We observe that the number of iterations has significantly decreased. Moreover, the "zigzag" of the iterations has almost disappeared.

We now use the matrix $$ D = \frac{1}{43} \left( \begin{array}{cc} 22&-1 \\ -1&2 \end{array} \right), $$ as preconditioner.

In [10]:

D = np.array([[22/43, -1/43], [-1/43, 2/43]])
iterates, message = preconditionedSteepestDescent(fct, x0, D, eps)
print(message)
print(f'Number of iterations: {len(iterates) - 1}')

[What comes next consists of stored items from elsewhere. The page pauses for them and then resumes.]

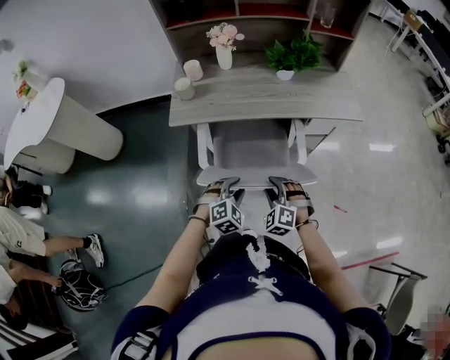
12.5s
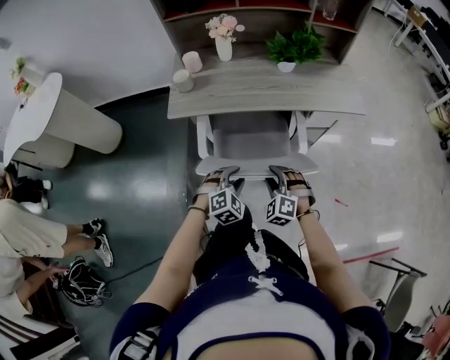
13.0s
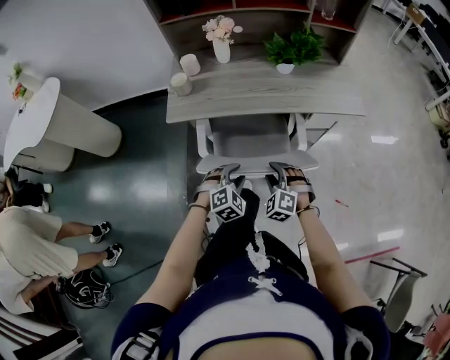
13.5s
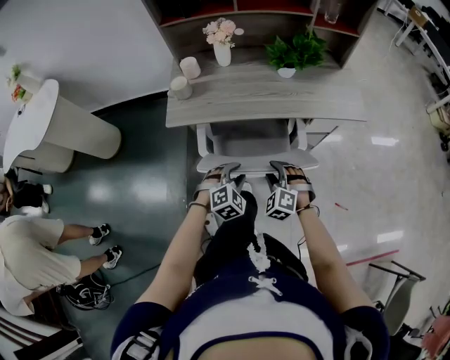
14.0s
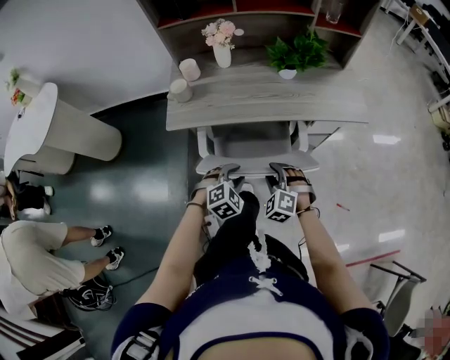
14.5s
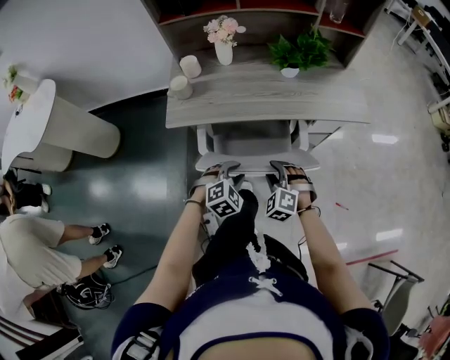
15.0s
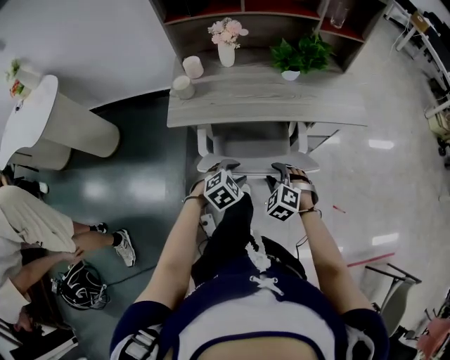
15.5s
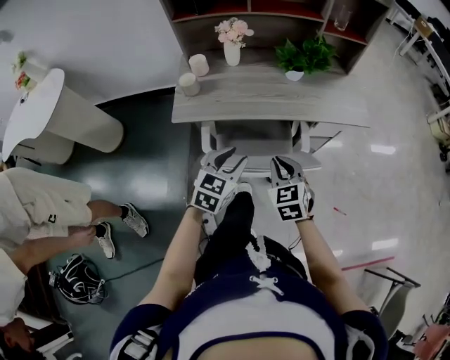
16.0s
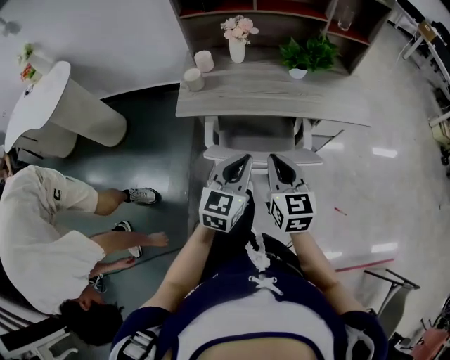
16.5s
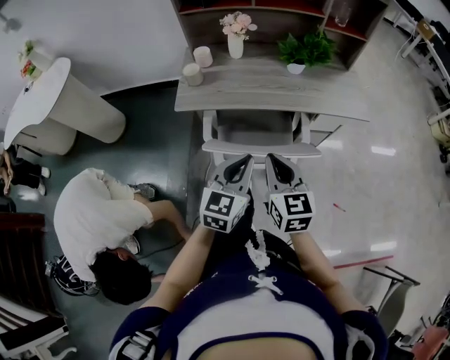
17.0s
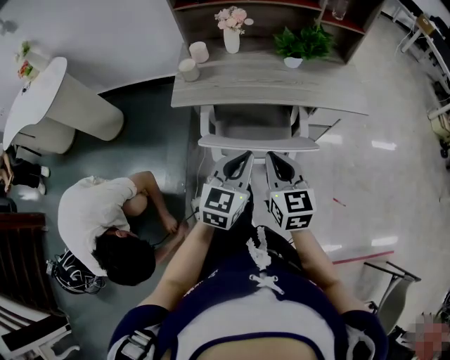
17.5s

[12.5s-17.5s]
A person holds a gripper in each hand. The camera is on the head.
12.5s to 15.0s: Both grippers travel together forward, approximately 10 cm.
15.0s to 17.5s: Both grippers travel together upward, approximately 20 cm. The right gripper rotates around the line of its fingers by about 60 degrees, clockwise from behind, and closes up, while the left gripper tips its fingers upward by some 40 degrees, and closes up.

Required precision has been reached: 0.0 <= 1e-07
Number of iterations: 1

In [11]:

fig = plt.figure()

xmin = -0.1
xmax = 4.1
ymin = -1
ymax = 1.1
x1 = np.linspace(xmin, xmax, 50)
x2 = np.linspace(ymin, ymax, 50)

X, Y = np.meshgrid(x1, x2)
Z = fplot(X, Y)

plt.axis([xmin, xmax, ymin, ymax], "equal")
plt.contour(X, Y, Z, 20)

xiter = [iterates[k][0] for k in range(len(iterates))]
yiter = [iterates[k][1] for k in range(len(iterates))]
plt.plot(xiter, yiter, color='r', marker='o')
plt.show()

The algorithm converges in one iteration. The preconditioner happens to be inverse of the second derivatives matrix.